§ Problem to work on: What lines of the listing include the string "clipPath"? Show them all.

§ Records for the exercise:
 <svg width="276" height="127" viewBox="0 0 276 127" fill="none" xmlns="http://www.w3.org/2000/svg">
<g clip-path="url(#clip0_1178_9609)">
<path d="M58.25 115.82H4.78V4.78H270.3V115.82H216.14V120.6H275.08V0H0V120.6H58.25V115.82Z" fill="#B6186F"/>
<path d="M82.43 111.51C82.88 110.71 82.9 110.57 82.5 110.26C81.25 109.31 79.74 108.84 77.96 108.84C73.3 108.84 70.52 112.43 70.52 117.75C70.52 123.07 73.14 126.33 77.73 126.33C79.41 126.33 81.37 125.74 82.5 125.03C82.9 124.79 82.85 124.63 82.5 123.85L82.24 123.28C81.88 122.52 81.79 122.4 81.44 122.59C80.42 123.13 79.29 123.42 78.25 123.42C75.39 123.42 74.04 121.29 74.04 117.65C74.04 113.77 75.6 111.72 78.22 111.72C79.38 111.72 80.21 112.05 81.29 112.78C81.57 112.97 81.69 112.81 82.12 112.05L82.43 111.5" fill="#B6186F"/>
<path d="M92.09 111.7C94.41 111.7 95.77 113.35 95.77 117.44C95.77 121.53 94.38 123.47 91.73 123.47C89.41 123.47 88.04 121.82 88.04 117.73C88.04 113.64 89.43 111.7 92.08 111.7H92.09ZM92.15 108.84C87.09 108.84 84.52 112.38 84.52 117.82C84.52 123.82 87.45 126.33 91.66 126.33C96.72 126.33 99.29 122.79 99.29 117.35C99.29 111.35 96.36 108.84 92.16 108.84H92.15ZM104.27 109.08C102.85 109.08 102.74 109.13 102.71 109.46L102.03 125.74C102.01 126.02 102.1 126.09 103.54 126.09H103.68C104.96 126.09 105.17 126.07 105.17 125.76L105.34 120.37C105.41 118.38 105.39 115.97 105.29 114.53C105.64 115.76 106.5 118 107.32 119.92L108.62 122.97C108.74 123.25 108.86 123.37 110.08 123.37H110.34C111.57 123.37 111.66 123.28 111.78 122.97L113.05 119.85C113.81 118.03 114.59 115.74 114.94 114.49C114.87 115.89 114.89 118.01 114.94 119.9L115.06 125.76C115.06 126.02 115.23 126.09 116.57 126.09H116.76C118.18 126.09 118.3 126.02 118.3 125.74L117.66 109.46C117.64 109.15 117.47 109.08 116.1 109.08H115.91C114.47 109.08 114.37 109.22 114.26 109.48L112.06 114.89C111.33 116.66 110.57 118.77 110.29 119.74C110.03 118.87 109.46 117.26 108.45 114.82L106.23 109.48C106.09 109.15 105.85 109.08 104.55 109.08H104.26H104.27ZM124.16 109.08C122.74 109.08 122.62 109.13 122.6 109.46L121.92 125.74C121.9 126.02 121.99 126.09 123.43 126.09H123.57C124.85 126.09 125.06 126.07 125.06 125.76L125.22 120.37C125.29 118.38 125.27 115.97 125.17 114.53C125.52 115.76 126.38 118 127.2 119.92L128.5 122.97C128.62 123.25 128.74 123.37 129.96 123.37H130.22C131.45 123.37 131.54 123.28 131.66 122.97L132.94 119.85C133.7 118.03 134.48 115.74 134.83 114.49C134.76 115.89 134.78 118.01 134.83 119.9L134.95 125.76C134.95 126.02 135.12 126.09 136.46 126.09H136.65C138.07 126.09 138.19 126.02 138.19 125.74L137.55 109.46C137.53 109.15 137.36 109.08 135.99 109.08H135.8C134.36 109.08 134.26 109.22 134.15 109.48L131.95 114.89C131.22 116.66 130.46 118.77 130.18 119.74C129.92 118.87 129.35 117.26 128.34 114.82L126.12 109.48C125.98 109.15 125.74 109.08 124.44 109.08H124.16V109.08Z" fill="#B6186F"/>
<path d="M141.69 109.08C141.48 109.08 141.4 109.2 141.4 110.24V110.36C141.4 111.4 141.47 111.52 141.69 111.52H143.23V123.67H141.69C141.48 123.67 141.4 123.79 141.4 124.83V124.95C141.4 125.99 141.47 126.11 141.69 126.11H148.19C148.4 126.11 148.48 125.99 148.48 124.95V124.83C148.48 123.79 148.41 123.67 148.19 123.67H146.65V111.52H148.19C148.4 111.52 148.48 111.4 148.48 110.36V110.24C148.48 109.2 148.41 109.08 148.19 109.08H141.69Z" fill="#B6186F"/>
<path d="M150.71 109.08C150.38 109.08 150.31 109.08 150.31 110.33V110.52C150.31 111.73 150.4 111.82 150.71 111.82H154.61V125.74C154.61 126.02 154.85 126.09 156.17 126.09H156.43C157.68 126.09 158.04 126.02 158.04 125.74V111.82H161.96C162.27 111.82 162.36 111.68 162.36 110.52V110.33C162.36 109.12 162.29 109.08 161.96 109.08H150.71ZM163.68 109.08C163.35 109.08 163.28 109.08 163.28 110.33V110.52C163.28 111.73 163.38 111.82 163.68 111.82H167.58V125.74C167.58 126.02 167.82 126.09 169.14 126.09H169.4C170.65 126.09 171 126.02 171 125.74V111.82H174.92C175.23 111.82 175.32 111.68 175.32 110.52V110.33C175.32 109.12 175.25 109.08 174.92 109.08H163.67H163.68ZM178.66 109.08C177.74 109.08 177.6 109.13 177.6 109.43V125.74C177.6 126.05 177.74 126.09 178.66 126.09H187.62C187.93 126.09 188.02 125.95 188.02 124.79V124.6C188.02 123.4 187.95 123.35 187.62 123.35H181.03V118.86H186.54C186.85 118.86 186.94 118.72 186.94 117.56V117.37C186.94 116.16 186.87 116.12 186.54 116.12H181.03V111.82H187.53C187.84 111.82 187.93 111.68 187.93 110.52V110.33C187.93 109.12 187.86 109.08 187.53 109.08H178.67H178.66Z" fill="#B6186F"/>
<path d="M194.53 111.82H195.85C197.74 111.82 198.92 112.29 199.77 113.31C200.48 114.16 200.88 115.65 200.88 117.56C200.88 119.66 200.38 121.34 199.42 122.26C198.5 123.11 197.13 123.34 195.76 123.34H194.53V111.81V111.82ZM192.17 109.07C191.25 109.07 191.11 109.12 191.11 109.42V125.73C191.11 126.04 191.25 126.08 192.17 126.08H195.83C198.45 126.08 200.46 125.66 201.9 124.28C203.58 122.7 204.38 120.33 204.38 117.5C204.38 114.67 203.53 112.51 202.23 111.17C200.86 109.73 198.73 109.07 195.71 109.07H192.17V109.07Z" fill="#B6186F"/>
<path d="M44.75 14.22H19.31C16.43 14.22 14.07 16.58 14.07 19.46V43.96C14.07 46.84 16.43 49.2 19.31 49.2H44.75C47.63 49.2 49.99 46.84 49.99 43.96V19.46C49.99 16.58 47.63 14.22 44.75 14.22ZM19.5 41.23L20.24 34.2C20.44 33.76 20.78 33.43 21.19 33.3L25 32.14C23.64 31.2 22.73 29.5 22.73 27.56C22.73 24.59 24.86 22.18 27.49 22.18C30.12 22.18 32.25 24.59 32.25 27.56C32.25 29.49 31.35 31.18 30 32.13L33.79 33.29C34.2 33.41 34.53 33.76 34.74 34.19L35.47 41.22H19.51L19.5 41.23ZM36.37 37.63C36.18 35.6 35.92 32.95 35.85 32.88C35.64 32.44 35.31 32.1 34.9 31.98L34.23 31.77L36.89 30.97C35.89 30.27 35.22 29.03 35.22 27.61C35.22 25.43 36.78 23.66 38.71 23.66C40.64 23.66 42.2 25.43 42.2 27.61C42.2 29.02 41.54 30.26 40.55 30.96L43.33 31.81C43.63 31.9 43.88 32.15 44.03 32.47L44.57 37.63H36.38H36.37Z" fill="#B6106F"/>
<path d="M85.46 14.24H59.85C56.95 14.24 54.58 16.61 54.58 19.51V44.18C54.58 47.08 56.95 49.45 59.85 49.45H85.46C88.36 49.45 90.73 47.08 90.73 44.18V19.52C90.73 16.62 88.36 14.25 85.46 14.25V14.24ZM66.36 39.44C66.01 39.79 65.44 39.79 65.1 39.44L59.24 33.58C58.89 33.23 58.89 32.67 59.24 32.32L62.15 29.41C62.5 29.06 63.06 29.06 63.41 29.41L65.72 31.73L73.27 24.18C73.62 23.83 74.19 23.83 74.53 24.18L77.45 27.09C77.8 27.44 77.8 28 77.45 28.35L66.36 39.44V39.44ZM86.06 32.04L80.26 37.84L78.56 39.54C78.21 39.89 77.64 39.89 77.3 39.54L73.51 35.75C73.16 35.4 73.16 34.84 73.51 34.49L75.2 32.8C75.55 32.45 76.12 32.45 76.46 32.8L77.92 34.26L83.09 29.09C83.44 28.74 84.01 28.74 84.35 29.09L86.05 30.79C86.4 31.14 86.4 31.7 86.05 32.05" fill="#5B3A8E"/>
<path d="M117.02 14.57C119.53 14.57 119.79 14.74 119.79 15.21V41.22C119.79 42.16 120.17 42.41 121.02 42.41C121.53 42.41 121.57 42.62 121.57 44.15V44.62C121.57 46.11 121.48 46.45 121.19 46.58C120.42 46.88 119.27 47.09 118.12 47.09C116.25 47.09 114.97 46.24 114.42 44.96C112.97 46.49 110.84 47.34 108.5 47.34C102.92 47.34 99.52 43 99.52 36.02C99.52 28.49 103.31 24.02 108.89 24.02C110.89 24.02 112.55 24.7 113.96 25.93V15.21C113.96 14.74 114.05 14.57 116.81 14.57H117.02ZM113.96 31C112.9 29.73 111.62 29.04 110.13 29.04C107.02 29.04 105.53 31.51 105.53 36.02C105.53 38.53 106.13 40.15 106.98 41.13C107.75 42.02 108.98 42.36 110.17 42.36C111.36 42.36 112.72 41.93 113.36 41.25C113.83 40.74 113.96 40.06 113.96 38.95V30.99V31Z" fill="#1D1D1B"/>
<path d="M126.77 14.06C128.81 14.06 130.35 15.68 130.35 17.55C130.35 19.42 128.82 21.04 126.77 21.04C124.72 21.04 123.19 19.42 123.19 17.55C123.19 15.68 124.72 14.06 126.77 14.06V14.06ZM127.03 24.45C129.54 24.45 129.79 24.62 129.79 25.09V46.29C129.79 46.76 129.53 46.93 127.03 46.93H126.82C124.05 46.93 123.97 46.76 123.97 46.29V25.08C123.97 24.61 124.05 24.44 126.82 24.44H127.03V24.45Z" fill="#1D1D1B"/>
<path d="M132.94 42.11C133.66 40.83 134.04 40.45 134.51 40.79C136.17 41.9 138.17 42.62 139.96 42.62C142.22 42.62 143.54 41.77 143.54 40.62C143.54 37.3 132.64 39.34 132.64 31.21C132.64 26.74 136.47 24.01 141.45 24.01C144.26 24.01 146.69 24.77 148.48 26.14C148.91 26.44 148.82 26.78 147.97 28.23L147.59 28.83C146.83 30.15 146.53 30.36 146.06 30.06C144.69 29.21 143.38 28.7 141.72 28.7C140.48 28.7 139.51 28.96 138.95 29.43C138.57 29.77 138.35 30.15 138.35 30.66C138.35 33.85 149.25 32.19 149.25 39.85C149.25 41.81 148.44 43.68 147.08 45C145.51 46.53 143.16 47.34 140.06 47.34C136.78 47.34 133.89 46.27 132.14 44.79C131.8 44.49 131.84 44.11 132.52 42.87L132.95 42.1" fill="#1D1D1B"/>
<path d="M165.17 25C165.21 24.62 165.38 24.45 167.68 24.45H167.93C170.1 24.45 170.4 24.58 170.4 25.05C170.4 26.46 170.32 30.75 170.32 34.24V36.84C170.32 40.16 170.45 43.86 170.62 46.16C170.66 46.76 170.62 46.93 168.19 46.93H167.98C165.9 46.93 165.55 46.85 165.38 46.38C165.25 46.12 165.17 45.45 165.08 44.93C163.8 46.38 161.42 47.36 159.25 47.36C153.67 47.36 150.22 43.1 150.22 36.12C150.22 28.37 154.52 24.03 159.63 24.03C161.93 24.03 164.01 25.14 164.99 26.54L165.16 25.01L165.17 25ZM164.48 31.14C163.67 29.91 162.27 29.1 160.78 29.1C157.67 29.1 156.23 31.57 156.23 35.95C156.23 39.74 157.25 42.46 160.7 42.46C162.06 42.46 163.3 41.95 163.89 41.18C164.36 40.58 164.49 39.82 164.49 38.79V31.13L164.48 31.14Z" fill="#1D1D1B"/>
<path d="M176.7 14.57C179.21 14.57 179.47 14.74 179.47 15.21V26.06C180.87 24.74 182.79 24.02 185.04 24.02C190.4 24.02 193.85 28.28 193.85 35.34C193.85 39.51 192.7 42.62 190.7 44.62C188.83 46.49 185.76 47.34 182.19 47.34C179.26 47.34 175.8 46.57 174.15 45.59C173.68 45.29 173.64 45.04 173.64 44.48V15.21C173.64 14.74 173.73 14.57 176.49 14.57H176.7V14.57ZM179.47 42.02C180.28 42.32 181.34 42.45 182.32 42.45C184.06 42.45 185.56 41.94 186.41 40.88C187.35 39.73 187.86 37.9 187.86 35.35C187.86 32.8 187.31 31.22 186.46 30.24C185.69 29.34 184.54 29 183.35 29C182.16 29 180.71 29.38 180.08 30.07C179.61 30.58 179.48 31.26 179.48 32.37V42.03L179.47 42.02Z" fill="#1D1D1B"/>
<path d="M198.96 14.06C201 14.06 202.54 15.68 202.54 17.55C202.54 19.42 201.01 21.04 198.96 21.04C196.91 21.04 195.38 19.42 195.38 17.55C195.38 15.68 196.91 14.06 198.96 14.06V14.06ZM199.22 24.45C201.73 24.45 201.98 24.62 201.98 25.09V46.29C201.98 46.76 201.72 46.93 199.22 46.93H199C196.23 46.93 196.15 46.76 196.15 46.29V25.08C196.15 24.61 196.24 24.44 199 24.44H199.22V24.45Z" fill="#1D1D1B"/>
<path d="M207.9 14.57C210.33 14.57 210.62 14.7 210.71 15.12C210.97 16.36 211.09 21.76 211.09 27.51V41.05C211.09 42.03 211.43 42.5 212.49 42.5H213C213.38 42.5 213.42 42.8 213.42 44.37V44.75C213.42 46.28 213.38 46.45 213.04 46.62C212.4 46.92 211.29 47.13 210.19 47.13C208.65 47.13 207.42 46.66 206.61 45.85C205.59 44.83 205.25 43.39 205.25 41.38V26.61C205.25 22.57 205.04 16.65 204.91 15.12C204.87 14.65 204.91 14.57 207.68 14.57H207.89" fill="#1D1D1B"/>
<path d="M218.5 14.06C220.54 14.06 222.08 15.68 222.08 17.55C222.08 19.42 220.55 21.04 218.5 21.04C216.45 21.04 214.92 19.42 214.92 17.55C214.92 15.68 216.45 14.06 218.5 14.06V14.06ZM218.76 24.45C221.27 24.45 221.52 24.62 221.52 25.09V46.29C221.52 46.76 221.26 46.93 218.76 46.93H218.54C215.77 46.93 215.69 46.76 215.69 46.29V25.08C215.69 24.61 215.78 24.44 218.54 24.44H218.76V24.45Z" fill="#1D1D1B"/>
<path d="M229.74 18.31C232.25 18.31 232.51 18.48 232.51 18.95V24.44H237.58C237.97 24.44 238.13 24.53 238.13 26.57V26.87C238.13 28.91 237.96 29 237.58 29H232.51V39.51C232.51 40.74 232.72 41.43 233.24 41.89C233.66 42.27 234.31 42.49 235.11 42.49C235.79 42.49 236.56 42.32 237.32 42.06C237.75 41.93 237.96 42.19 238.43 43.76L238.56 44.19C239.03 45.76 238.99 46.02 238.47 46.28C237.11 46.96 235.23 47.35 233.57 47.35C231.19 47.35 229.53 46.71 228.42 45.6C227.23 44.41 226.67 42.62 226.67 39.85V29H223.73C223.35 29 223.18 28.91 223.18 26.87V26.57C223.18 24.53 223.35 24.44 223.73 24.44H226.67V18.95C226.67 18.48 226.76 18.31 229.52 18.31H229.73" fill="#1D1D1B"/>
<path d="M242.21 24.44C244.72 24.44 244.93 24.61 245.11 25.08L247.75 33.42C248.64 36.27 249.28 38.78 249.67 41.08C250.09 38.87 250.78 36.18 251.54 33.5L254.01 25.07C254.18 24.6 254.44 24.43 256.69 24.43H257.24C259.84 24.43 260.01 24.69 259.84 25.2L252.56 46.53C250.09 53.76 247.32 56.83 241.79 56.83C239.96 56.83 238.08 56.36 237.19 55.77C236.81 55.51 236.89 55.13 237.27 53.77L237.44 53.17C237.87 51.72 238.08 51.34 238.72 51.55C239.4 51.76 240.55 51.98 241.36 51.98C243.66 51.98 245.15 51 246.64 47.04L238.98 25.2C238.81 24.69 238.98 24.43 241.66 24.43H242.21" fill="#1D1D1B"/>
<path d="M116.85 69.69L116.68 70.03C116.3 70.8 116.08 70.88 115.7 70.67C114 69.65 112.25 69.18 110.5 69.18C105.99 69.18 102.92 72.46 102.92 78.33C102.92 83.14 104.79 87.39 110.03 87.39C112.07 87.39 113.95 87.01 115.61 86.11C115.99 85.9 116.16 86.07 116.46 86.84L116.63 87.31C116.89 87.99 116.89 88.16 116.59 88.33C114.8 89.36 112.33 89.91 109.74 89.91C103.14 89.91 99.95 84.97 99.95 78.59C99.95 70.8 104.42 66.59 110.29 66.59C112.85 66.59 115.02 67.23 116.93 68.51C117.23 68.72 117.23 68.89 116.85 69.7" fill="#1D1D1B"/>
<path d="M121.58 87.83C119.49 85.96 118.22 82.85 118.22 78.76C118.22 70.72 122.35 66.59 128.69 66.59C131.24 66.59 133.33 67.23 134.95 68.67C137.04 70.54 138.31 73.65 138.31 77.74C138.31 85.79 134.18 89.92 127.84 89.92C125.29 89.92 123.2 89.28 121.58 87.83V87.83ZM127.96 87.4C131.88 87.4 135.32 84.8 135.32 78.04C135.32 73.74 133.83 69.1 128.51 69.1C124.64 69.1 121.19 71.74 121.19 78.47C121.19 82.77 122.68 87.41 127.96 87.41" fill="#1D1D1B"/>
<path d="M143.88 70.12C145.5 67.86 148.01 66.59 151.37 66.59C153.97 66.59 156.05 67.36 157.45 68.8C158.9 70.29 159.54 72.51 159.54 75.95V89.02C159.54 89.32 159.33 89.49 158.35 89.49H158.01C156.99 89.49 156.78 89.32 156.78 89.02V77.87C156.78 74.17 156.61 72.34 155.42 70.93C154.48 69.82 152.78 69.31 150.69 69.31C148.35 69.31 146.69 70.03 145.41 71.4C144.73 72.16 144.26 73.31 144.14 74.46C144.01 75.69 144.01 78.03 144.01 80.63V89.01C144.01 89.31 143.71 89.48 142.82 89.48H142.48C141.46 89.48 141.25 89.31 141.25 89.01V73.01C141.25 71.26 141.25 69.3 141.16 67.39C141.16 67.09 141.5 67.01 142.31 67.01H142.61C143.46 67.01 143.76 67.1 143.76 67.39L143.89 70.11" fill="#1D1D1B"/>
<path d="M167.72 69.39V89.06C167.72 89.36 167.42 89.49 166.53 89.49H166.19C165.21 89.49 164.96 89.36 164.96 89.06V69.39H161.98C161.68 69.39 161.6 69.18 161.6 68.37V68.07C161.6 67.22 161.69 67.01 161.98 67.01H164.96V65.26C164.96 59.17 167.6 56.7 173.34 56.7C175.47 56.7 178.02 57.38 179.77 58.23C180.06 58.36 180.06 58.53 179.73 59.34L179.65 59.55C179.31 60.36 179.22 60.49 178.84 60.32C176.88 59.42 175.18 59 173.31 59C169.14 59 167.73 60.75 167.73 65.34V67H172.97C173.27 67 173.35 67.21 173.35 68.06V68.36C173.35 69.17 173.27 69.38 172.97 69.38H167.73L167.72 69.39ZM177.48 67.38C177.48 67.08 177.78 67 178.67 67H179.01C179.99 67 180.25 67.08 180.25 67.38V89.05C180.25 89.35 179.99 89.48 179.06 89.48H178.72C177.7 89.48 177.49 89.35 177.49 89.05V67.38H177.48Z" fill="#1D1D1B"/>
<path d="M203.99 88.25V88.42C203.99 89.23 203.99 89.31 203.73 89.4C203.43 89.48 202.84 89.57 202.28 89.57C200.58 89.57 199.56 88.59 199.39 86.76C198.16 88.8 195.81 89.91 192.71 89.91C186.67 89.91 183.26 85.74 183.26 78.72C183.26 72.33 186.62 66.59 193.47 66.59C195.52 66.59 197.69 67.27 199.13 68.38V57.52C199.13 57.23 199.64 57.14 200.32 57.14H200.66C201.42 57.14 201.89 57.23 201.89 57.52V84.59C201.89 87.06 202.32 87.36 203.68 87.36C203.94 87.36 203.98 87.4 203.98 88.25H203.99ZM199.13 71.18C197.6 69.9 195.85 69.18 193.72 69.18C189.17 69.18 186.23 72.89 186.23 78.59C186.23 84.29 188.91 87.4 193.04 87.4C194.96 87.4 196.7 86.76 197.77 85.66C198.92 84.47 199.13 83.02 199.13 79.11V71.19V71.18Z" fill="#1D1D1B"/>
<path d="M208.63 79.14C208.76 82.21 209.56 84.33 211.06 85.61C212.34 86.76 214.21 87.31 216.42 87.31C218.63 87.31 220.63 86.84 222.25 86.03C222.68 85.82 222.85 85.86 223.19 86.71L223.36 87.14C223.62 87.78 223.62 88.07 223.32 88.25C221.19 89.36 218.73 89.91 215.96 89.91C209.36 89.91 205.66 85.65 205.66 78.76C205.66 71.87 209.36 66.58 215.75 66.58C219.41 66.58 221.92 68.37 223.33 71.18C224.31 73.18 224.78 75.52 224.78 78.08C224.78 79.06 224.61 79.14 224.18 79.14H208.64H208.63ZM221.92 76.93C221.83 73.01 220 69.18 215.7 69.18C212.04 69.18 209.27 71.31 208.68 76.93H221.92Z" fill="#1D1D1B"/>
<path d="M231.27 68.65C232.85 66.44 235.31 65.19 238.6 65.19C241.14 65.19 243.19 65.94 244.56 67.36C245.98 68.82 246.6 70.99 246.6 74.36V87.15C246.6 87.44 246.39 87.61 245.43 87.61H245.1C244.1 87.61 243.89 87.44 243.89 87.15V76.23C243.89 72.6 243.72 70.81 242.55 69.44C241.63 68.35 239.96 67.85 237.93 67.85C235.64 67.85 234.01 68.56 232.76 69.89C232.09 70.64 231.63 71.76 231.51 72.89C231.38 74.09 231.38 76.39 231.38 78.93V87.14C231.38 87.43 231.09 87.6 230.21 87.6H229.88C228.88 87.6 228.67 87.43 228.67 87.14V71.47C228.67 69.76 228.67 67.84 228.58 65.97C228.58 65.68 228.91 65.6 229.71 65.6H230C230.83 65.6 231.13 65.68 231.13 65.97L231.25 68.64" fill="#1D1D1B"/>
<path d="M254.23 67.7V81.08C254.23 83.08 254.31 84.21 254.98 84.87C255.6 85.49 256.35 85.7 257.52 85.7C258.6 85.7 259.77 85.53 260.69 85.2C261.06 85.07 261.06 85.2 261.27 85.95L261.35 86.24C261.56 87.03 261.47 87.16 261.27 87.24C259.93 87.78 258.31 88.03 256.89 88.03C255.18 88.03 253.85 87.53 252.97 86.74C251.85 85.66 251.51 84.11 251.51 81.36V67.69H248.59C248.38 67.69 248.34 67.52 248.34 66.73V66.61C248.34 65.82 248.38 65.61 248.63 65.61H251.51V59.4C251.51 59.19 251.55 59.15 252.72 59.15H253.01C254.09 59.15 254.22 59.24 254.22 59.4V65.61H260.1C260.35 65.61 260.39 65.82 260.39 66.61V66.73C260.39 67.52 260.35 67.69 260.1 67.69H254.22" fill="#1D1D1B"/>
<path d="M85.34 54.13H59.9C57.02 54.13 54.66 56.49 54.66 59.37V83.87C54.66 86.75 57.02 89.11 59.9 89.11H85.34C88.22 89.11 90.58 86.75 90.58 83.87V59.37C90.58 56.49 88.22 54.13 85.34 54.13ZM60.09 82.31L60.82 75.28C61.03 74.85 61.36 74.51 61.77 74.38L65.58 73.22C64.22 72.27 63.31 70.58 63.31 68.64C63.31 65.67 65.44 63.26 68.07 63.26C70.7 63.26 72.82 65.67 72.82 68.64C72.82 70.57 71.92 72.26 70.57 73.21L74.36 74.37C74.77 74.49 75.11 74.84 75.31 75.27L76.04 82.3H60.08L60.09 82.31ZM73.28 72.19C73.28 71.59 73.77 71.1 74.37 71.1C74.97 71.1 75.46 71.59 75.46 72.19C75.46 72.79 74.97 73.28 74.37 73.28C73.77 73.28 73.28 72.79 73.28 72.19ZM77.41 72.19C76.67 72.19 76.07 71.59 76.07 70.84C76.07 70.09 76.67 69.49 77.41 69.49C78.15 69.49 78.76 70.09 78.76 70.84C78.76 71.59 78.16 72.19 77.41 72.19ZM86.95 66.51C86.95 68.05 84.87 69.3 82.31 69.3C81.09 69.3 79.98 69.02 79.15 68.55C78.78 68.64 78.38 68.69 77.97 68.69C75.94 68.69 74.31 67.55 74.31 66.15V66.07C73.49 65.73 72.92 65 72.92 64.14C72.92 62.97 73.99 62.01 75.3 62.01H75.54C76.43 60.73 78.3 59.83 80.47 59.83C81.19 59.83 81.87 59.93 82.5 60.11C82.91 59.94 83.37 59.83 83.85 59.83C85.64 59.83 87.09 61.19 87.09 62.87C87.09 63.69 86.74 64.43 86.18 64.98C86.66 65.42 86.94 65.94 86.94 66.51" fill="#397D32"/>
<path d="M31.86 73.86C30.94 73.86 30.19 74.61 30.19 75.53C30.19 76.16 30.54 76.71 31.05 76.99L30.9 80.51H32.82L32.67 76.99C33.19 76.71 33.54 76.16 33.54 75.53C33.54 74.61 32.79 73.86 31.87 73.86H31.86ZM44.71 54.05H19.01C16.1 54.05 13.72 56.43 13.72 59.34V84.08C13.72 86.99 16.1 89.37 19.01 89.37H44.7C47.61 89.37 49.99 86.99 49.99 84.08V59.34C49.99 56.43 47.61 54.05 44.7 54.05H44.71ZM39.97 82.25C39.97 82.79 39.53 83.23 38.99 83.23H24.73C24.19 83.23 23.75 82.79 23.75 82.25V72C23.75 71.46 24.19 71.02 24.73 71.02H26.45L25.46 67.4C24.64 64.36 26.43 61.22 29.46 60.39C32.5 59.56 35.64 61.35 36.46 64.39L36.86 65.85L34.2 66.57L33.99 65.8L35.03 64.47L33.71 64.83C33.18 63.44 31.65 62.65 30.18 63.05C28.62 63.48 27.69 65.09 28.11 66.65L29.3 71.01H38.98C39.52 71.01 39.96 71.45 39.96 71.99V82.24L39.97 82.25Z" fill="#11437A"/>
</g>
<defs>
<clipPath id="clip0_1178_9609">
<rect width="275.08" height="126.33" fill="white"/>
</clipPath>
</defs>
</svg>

§ Reply to the task:
<clipPath id="clip0_1178_9609">
</clipPath>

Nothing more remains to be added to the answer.